Önemsiz gibi görünen bir ağrı bile tüm gününüzü mahvetmeye yetebilir. Doğal yöntemlerden ilaç tedavisine, egzersizden ameliyata kadar sayısız yöntem, bu dertten mustarip olanların başvurdukları yöntemler arasında yer alıyor. Siz hangisinden fayda görürsünüz bilmem ancak uzanıp geçmesini beklemektense bir şeyler yapmanız şart. Doğada her derdin devasının bulunduğuna inanan hekimlerdenim.
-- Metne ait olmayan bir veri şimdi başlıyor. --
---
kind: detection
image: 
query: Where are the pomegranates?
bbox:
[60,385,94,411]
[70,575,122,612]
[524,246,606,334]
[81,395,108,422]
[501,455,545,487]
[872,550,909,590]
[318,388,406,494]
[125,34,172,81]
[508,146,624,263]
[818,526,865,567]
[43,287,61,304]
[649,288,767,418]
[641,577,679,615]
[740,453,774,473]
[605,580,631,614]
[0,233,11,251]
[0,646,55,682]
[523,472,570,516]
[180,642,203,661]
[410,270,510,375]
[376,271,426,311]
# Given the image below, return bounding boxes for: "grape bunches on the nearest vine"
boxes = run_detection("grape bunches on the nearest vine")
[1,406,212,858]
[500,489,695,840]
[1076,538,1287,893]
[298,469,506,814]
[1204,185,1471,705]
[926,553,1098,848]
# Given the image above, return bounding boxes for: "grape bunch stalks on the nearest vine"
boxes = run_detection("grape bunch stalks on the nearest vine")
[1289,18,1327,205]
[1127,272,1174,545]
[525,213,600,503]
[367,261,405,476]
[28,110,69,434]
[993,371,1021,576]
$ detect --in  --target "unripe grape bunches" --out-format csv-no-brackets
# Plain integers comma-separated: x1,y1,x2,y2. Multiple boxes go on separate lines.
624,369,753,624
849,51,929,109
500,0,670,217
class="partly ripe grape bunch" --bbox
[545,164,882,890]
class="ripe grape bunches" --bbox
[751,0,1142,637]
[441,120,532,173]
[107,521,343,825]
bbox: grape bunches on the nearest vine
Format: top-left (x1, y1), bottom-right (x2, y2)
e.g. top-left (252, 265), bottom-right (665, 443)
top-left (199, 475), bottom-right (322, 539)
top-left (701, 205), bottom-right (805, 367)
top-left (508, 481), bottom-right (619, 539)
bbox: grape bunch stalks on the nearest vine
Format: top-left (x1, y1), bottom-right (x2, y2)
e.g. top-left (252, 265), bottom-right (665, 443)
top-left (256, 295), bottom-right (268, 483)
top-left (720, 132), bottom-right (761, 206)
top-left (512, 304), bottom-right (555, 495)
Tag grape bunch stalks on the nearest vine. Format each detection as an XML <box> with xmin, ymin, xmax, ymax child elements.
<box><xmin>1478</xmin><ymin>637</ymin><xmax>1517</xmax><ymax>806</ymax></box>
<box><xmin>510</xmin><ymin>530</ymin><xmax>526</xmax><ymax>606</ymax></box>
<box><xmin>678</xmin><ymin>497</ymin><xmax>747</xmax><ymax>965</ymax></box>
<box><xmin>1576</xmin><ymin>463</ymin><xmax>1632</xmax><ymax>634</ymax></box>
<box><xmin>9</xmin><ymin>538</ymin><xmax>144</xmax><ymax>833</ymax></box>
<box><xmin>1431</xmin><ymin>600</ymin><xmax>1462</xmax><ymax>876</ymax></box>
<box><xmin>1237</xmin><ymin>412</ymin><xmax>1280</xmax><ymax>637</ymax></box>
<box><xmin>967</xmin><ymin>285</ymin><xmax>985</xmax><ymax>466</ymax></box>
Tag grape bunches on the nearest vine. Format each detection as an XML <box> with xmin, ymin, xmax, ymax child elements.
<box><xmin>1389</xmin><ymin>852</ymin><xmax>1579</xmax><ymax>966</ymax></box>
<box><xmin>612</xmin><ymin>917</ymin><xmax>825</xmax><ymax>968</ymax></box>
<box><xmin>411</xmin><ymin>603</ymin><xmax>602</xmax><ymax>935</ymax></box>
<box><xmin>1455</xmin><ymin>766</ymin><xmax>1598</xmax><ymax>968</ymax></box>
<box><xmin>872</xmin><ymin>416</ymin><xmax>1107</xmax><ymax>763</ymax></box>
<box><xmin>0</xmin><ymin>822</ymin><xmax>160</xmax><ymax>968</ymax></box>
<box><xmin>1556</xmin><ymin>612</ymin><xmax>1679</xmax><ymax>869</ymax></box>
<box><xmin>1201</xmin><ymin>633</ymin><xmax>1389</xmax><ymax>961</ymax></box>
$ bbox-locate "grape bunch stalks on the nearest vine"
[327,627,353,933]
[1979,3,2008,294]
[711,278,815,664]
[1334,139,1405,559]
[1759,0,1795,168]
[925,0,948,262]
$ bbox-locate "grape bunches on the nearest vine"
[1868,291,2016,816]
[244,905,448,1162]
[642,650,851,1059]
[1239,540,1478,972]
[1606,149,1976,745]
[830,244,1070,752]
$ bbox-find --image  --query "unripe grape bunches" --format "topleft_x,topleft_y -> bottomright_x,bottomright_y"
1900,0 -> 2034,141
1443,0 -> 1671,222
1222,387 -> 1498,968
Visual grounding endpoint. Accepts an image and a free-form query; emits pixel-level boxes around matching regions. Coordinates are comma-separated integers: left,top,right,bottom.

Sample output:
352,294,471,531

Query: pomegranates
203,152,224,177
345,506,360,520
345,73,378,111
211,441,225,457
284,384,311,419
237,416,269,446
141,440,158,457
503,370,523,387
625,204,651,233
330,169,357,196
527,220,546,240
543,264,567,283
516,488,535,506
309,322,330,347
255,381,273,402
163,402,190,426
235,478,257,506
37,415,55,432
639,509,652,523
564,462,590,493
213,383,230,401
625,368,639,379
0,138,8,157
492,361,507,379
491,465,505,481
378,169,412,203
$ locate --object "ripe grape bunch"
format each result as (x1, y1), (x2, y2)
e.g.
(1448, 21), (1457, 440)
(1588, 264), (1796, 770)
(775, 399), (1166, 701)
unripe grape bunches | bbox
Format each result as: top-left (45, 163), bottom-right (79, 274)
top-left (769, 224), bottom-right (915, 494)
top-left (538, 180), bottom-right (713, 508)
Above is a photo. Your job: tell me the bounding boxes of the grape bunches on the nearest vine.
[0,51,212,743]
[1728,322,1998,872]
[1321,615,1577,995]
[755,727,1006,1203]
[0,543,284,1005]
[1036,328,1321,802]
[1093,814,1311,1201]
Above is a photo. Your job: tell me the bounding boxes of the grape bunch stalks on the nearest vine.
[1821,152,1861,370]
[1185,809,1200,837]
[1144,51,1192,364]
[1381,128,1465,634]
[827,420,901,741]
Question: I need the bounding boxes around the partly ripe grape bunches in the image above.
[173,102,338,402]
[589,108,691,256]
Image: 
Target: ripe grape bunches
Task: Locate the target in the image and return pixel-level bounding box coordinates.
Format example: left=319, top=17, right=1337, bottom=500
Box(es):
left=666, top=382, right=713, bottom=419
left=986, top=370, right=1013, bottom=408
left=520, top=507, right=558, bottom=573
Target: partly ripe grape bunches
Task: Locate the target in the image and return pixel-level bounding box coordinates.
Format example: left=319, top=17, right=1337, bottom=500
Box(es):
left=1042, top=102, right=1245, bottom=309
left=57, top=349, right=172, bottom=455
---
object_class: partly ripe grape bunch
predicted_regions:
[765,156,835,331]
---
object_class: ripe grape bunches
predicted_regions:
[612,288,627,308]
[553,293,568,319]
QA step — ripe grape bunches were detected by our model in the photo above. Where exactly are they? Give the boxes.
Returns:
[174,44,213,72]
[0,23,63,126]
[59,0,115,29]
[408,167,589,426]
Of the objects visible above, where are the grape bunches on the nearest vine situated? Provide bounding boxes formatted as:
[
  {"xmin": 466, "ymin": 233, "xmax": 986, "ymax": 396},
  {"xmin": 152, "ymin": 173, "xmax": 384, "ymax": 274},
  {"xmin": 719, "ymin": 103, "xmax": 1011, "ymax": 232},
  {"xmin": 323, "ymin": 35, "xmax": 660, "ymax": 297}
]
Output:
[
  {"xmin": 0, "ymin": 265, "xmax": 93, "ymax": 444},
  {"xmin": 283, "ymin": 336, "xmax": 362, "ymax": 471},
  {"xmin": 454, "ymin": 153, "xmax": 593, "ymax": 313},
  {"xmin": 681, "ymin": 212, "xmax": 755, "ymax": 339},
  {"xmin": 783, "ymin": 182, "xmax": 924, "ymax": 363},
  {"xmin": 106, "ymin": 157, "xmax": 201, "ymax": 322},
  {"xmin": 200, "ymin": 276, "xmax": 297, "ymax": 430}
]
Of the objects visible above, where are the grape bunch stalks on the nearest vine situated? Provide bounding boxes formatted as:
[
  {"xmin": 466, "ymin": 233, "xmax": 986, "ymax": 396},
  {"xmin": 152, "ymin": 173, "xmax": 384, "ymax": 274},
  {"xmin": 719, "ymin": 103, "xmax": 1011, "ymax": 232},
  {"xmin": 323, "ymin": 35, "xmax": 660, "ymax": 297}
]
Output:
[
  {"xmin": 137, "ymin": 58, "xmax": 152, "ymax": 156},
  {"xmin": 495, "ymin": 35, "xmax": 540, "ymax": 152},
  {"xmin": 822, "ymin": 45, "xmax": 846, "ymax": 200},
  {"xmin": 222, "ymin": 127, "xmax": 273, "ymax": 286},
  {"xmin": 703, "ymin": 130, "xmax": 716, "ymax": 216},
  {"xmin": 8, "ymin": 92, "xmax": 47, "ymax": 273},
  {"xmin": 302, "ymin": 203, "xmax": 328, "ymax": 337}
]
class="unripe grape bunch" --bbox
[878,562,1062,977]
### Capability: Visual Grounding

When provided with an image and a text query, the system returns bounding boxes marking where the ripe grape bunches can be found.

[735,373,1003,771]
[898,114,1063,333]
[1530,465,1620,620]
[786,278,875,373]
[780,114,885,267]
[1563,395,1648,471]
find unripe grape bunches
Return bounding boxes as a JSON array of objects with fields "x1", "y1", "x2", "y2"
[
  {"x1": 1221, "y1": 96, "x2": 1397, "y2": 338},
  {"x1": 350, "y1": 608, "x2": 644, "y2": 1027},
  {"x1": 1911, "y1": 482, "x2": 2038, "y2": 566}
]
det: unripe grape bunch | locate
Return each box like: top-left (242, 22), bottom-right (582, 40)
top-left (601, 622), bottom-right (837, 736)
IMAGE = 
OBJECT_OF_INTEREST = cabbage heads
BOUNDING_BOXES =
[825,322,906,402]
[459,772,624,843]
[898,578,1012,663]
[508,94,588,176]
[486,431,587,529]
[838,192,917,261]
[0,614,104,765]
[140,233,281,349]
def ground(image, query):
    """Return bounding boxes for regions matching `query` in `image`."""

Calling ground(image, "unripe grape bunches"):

Ancak bilim adamlarının araştırmalarla desteklediği doğal yöntemler dışında kalanları önerilerim dışında bırakırım. Dayanılmaz ağrılar yaşayanlar için doğal tavsiyeleri araştırdığımda önerebileceğim birkaç alternatifle karşılaştım:
Acı Şifa Kapsaisin
Kapsaisin, bibere acılık veren maddedir. Yediğiniz biber ne kadar acıysa, içerdiği kapsaisin oranı o kadar yüksektir. Güvenilir markaların piyasaya sürdüğü kapsaisin içerikli kremlere ulaşmak artık çok kolay. Aldığınız bu kremi, ağrı şikayetiniz olan bölgeye günde üç kez masaj yaparak uygulayın. Biraz yakacak, alerjik bir durumunuz yoksa bunu önemsemeyin.
Söğüt Kabuğu
Söğüt kabuğu, aspirinle aynı kökenden gelir. Ancak yapılan araştırmalar, söğüt ağacı kabuğunun aspirin ve türevlerinden daha etkili olduğunu gösterdi.
Muskat Yağı
Aktardan alacağınız üç damla muskat yağını 50 ml zeytinyağı ile karıştırın ve ağrı hissettiğiniz bölgeye günde üç kez hafif masaj yaparak uygulayın.
Arnika
Arnika, bir tür çiçektir. Piyasada arnika içerikli kremler bulmanız artık çok kolay. Dikkat etmeniz gereken şey, arnika konsantrasyonun ölçüsü. Belki biraz daha pahalı olacaktır ancak mutlaka yüksek konsantrasyonlu olanlarından alın. Arnika, özellikle ani gelen şiddetli ağrıları dindirmede son derece etkili bir bitki. Yapılan araştırmalar; özellikle sırt, diz, omuz ve kireçlenme ağrılarında etkili olduğunu gösteriyor. Jel formatında temin edebileceğiniz arnika özü jelini, günde üç defaya kadar uygulayabilirsiniz.
Zencefil
Zencefilin içerdiği yağlar, eklem bölgesinde gelişen iltihaplanmayı azaltıcı etkiye sahip. Zencefili toz halde tüketmeyi tercih ediyorsanız, yedi gün boyunca günde birkaç kez olmak koşuluyla, (1 çay kaşığı) toz zencefili bir bardak içeceğinize karıştırarak içmeniz yeterli.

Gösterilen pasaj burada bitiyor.